DeepResearchBench
A benchmark of models’ ability to gather information from the internet to answer questions, testing models’ ability to find and synthesize information.
About DeepResearchBench
To complete the tasks, the model with its agent must be able to know which pages to search for and how to interpret the information it finds in order to arrive at the answer.
The benchmark contains 91 tasks of eight different types: finding or deriving a number, finding or compiling a dataset, populating a reference class, gathering evidence, validating a claim and finding the source of some information. An example task from the number finding category is “How many IPOs with an offer price of at least $5.00 were there in each year between 1980 and 2024?” Examples for each category of question are available on the website while the rest are held out from public view.
Methodology
While being evaluated, models use the ReAct framework as their architecture which allows them to behave as an agent by planning and executing actions of their choosing. Models are limited to executing 50 actions for any individual attempt at a task. The reasoning effort allowed for thinking models is set manually (i.e. not chosen by the model/agent) and are described in the paper and on our benchmarking hub.
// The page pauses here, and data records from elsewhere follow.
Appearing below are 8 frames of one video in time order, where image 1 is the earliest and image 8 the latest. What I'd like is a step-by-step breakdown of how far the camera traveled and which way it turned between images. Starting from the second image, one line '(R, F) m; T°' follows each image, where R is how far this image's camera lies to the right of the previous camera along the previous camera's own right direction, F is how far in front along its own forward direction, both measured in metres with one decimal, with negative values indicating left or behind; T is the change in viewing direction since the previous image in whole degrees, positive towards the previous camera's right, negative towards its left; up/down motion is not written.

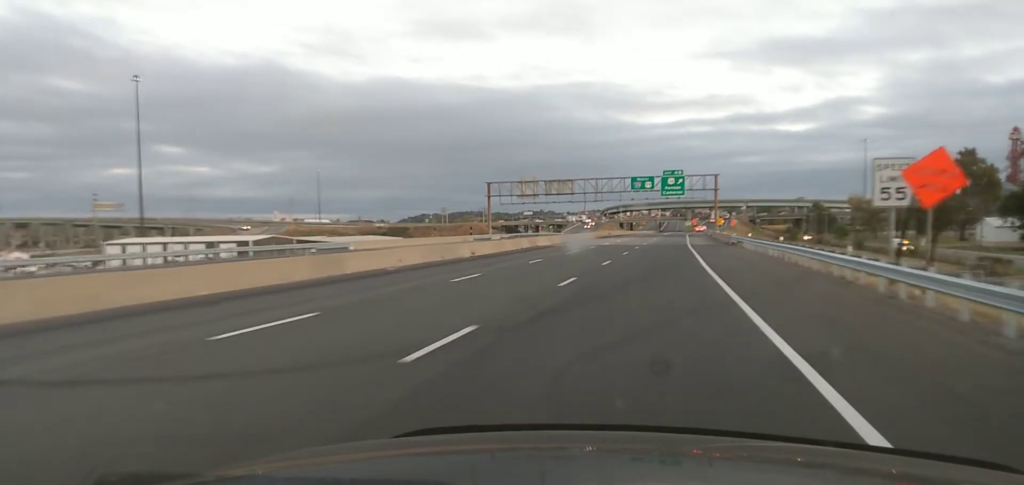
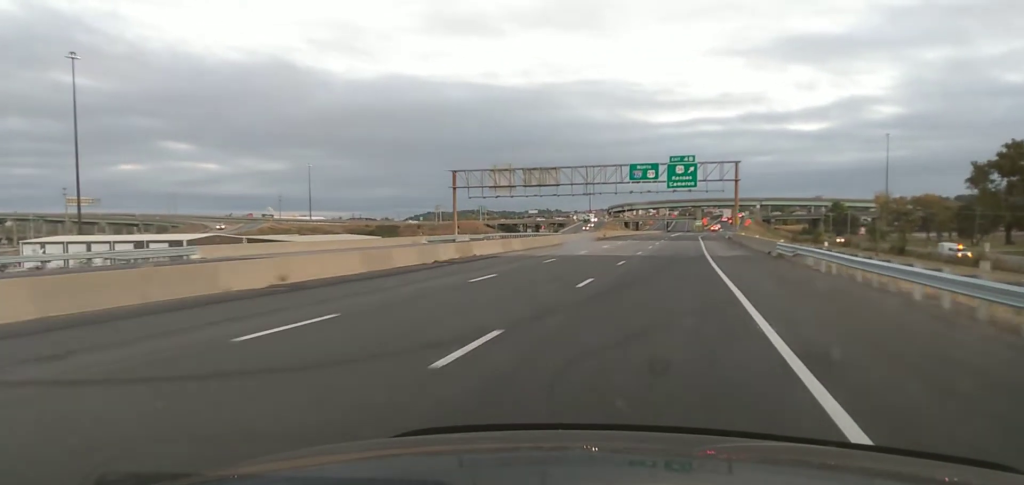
(0.0, +23.2) m; 0°
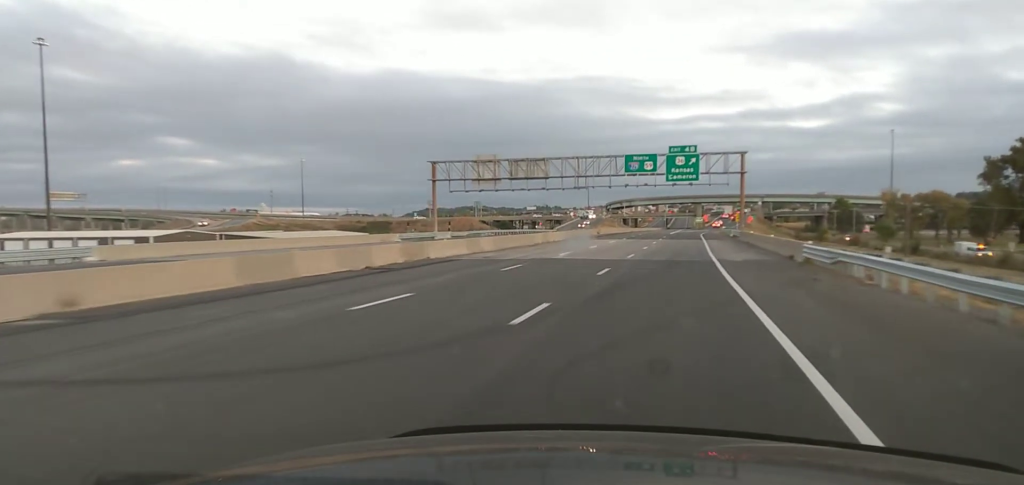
(0.0, +9.5) m; 0°
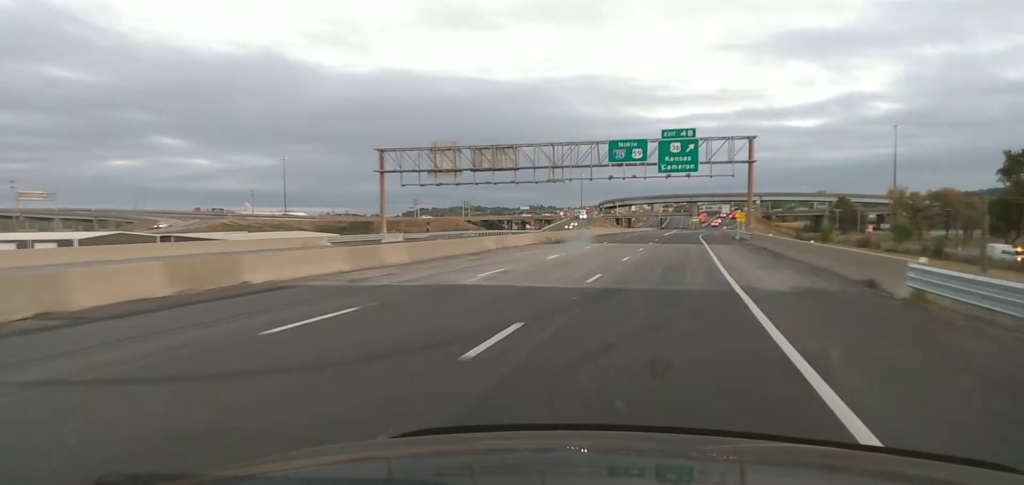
(0.0, +15.4) m; 0°
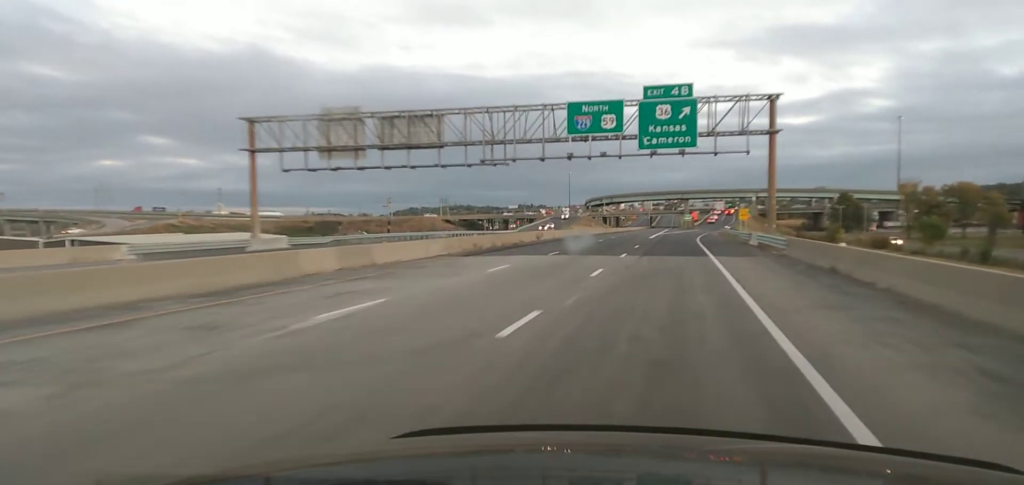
(0.0, +21.8) m; 0°
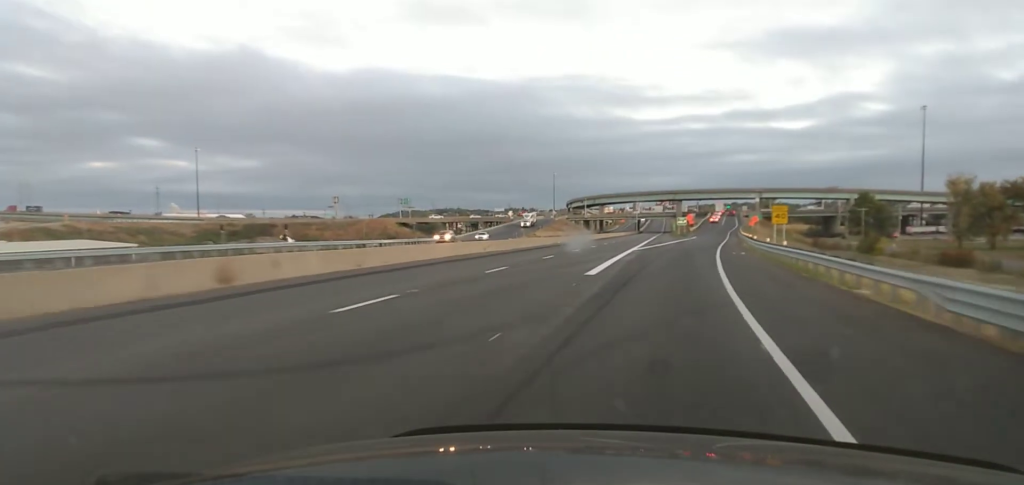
(-0.2, +47.0) m; +1°
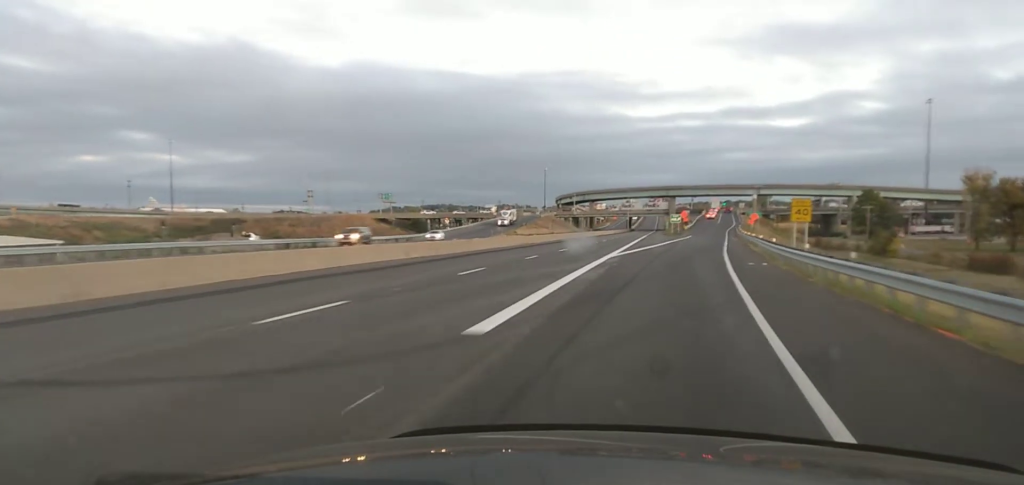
(0.0, +14.8) m; +2°
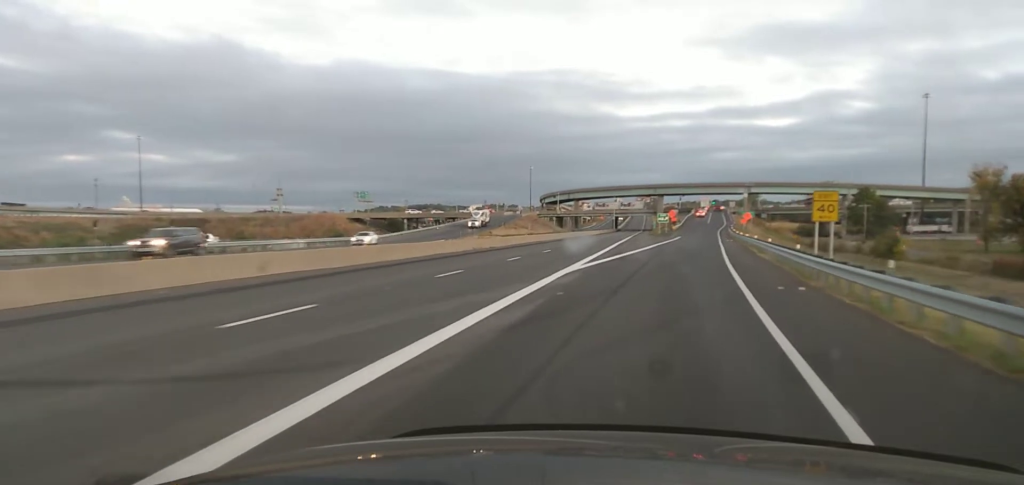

The models are instructed to produce answers which are as comprehensive as possible. In addition to the task prompts, models are also prompted with their own selection from a list of helpful tips provided in advance.
The benchmark leverages a system called RetroSearch which serves LLM agents web pages from a previously scraped snapshot of the internet instead of live web pages to maintain a consistent environment with which to evaluate the models over time.
The score assigned to each model falls between 0 and 1, coming from scoring methods which vary by task category. The methods employed for each task are available on the website and include precision (the ratio of correct positive answers to all positive answers given), recall (the portion of true positives that were answered as such), F1 (the harmonic mean of precision and recall), and a binary score (1 point for a correct answer, 0 otherwise).
We get our data from the FutureSearch DeepResearchBench leaderboard.